*** Provided entries Section Begins ***

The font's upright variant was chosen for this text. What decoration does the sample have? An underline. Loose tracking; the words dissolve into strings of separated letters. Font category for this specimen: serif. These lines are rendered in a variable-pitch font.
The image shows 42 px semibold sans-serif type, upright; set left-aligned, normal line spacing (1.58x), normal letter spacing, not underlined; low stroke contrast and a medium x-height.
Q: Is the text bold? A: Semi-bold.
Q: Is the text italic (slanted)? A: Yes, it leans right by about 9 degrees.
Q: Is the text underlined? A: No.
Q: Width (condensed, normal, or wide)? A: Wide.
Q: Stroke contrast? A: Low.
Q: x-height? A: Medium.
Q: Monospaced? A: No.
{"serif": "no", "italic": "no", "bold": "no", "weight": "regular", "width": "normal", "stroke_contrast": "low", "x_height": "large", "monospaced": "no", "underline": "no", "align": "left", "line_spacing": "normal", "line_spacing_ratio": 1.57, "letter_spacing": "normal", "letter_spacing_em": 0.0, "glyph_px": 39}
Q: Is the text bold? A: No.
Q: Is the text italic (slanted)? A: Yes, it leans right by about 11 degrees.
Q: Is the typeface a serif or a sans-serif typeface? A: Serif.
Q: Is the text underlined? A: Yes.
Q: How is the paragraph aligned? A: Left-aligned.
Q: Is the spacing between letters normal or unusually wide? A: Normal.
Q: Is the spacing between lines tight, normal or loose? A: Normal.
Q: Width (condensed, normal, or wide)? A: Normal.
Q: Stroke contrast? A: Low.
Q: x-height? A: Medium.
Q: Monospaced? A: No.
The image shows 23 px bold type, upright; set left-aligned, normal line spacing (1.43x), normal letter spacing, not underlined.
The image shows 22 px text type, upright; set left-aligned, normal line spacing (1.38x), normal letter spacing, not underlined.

*** Provided entries Section Ends ***
*** Provided entries Section Begins ***

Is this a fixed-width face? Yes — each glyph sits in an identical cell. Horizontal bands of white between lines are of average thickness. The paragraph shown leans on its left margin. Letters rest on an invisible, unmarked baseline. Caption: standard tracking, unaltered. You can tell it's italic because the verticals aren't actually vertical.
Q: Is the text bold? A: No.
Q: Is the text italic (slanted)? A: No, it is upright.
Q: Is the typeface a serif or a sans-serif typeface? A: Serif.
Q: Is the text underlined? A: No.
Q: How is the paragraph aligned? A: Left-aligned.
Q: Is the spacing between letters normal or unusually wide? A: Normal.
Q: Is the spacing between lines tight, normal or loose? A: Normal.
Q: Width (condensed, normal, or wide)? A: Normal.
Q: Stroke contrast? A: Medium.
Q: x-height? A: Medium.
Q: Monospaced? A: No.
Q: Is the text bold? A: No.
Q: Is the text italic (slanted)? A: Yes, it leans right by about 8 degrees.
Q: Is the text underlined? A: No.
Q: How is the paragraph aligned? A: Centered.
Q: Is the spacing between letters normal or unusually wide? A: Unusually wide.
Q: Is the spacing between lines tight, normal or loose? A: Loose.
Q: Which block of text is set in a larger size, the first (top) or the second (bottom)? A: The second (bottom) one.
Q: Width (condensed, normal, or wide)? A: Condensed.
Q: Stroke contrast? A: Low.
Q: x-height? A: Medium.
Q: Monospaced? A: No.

*** Provided entries Section Ends ***
*** Provided entries Section Begins ***

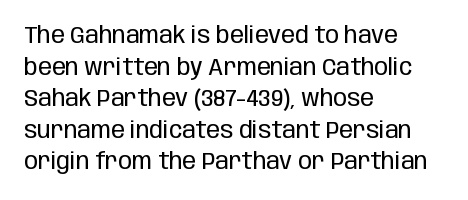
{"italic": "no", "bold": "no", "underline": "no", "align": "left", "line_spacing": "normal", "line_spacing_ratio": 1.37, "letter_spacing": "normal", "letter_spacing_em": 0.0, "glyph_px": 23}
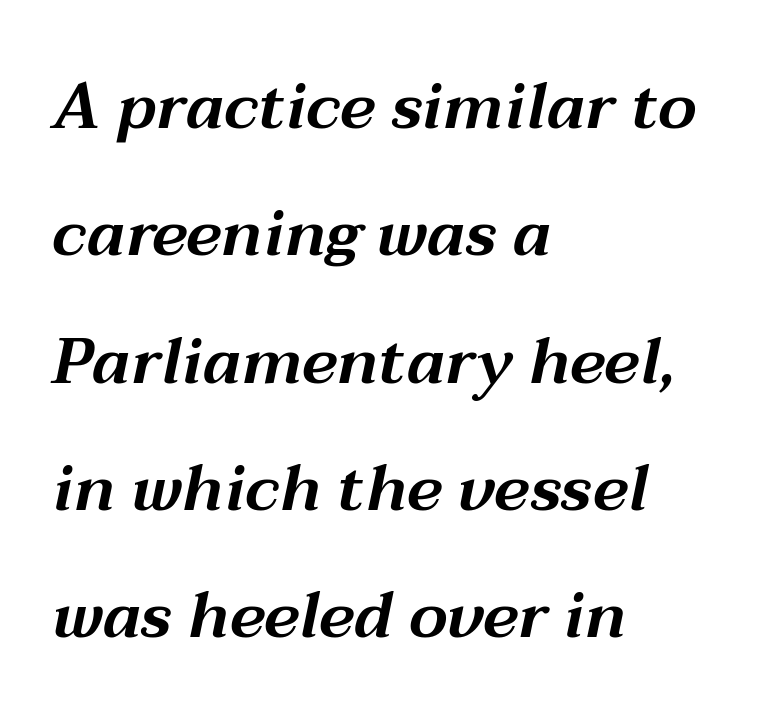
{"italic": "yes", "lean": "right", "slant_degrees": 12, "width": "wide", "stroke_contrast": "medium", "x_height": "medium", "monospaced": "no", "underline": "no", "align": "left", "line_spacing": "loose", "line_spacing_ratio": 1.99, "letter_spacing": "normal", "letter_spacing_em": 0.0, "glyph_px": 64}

*** Provided entries Section Ends ***

## Your objective:
All lines with the string "about" must be copied from the data.

## Task result:
Q: Is the text italic (slanted)? A: Yes, it leans right by about 9 degrees.
Q: Is the text italic (slanted)? A: Yes, it leans right by about 11 degrees.
Q: Is the text italic (slanted)? A: Yes, it leans right by about 8 degrees.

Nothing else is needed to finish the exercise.